PrettyPoppy Posted August 28, 2010 Posted August 28, 2010 Teach, I'm not sure if you notice you are not getting the "supportive" responses you may have been desirous of. One of the main reasons is you seemingly cannot give a straight story to save your life, don't take responsibility to correspond with both your marital status and your chronological age and seem to believe you are oddly unique in your victimization. So I'm going to give you a clue: if you want to get support, it helps if you don't have your arsenal of rationalisations at hand, let alone ones that are, well, lame and even better, full of blaming.
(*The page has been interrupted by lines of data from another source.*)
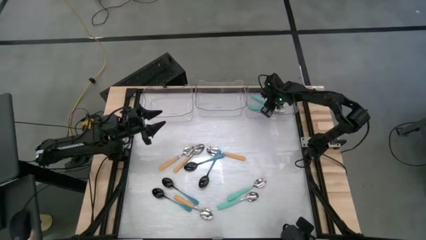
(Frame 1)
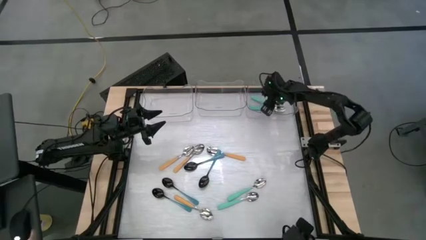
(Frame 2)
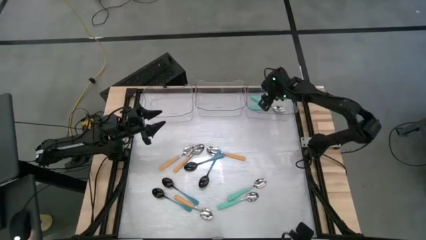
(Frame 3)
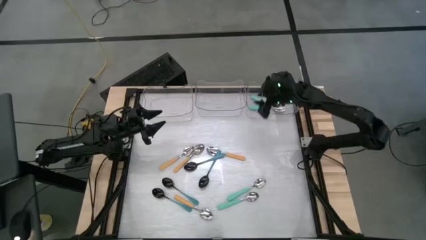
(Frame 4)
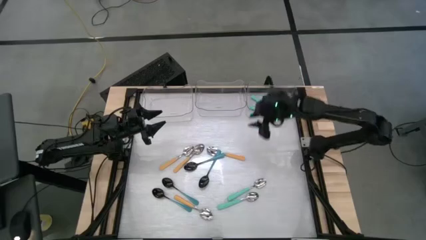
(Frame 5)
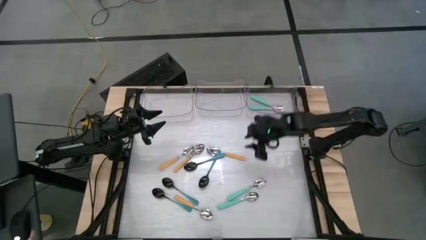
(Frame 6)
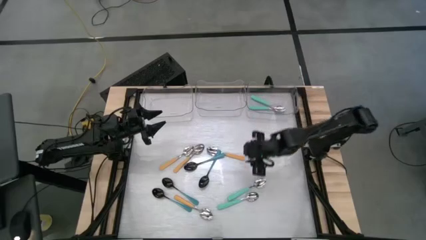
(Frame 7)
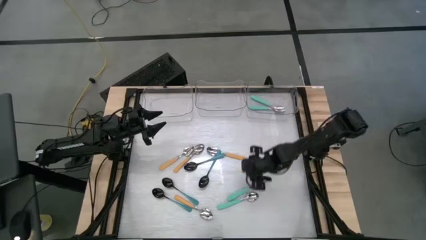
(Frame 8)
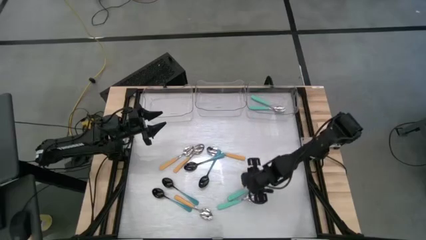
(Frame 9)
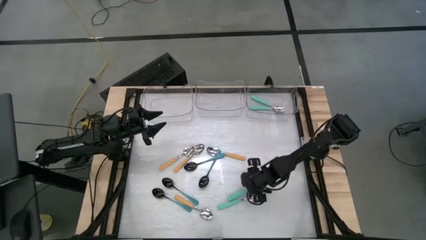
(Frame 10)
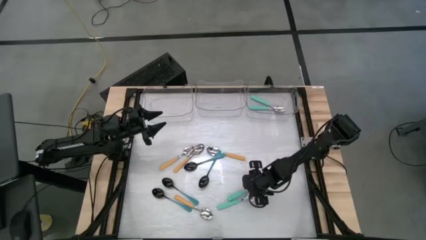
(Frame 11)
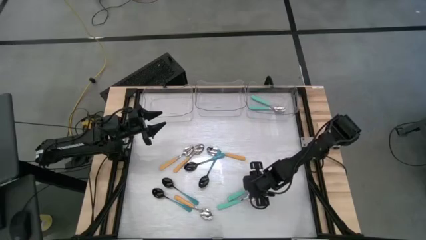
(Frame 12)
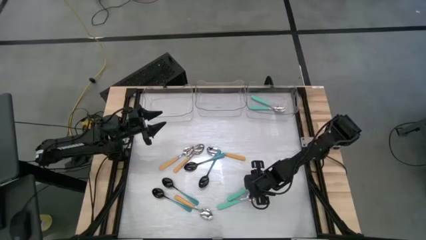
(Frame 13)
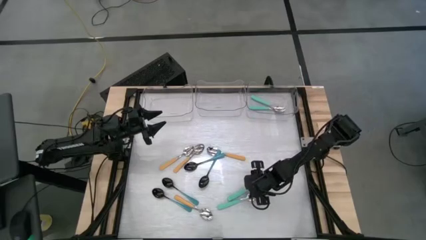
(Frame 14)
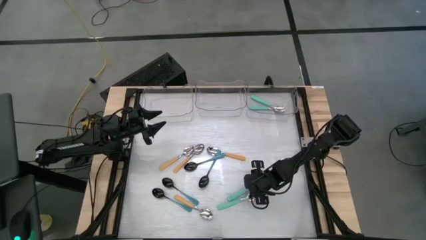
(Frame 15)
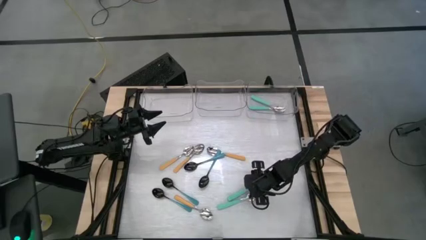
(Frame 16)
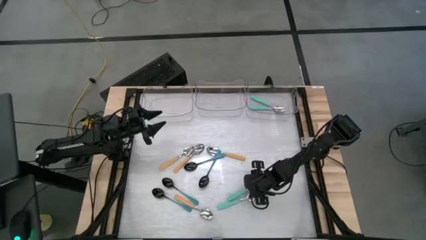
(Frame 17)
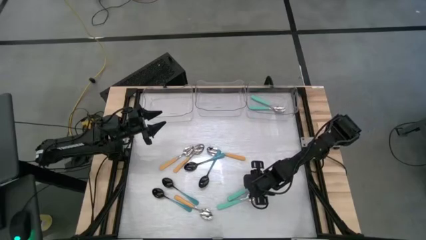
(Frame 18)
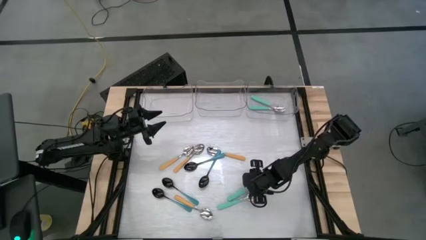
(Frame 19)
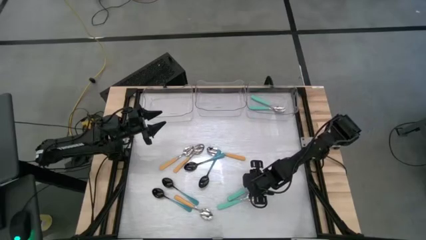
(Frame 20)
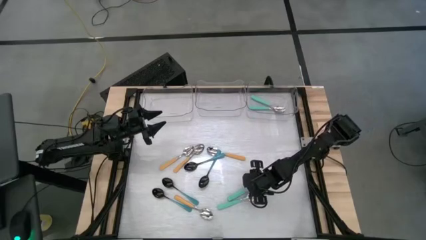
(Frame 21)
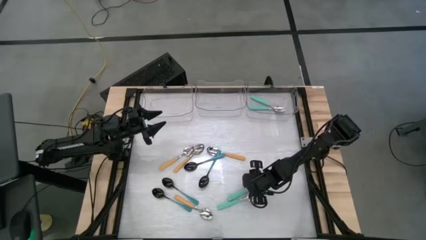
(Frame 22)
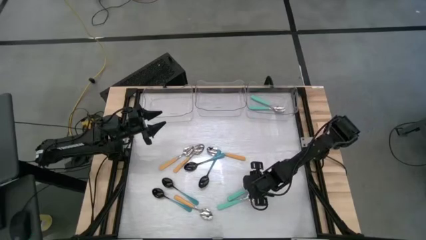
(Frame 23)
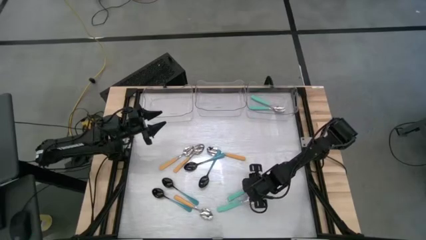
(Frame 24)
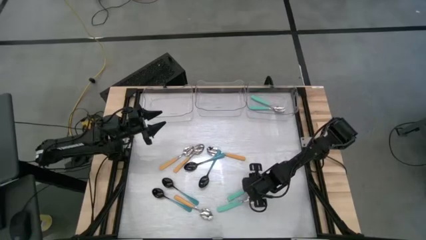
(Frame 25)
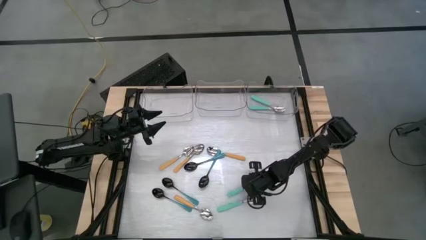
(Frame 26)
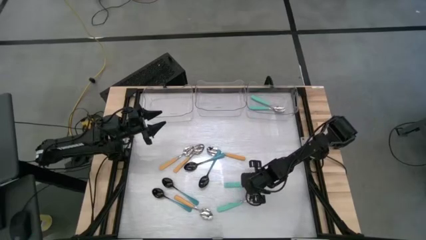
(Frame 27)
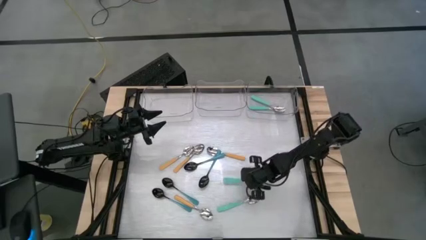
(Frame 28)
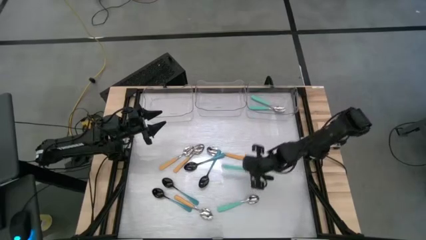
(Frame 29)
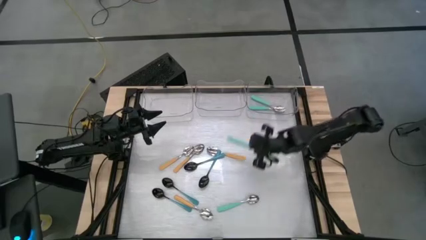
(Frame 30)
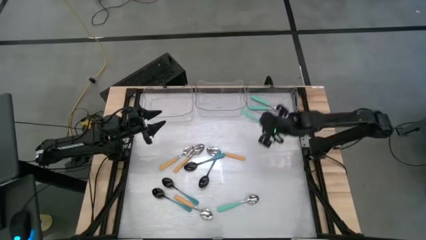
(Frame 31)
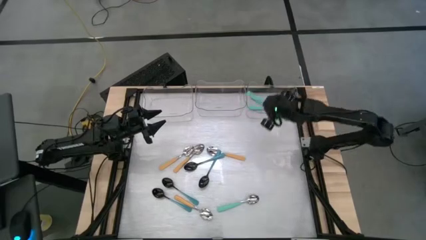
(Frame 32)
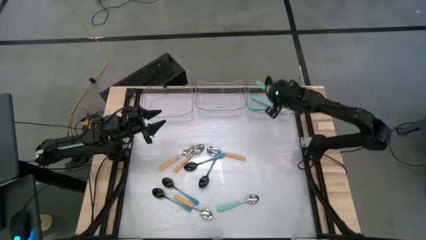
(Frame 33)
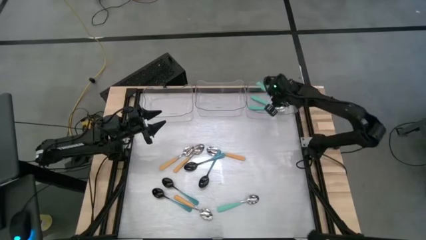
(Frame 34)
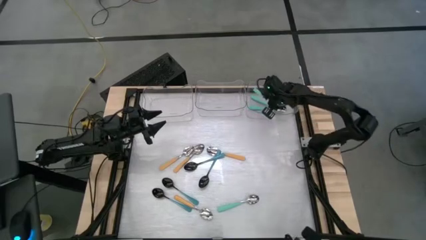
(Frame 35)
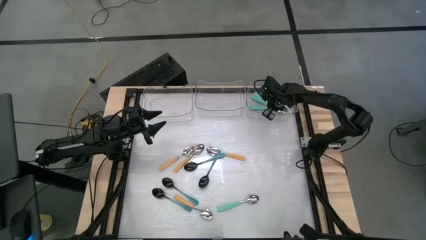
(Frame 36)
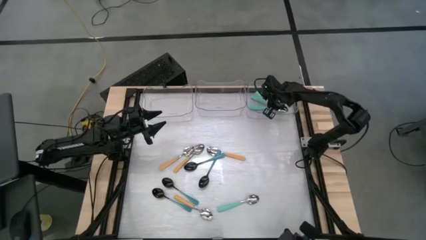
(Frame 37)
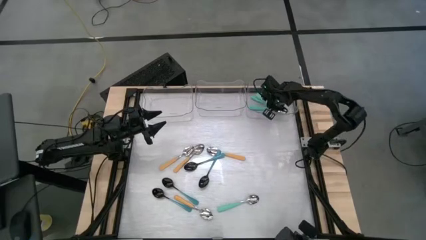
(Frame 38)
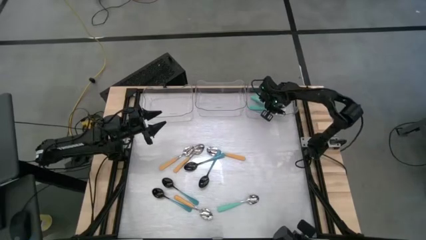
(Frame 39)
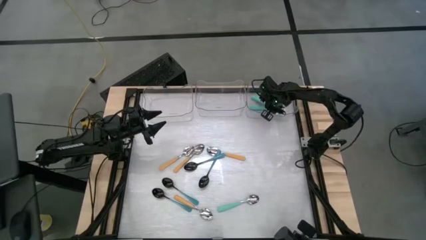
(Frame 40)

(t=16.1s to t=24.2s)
Task: Sort silverware by color (type)
Put the top light blue spoon into the top right transparent bin

Next point: it's rather silly to assume what others know about mood disorders, medication etc. When I say I am familiar, I mean it. If she were a geologist, you may be over my area of experience- not with anything having to do with a DSM. It really doesn't matter. What *does matter* is that you seemingly approach this situation as though you were hit by a satellite from Mars. Well guess what, you weren't, you got yourself where you are. So when you are ready to get honest, you may find this place helpful. Until then, not much many can offer.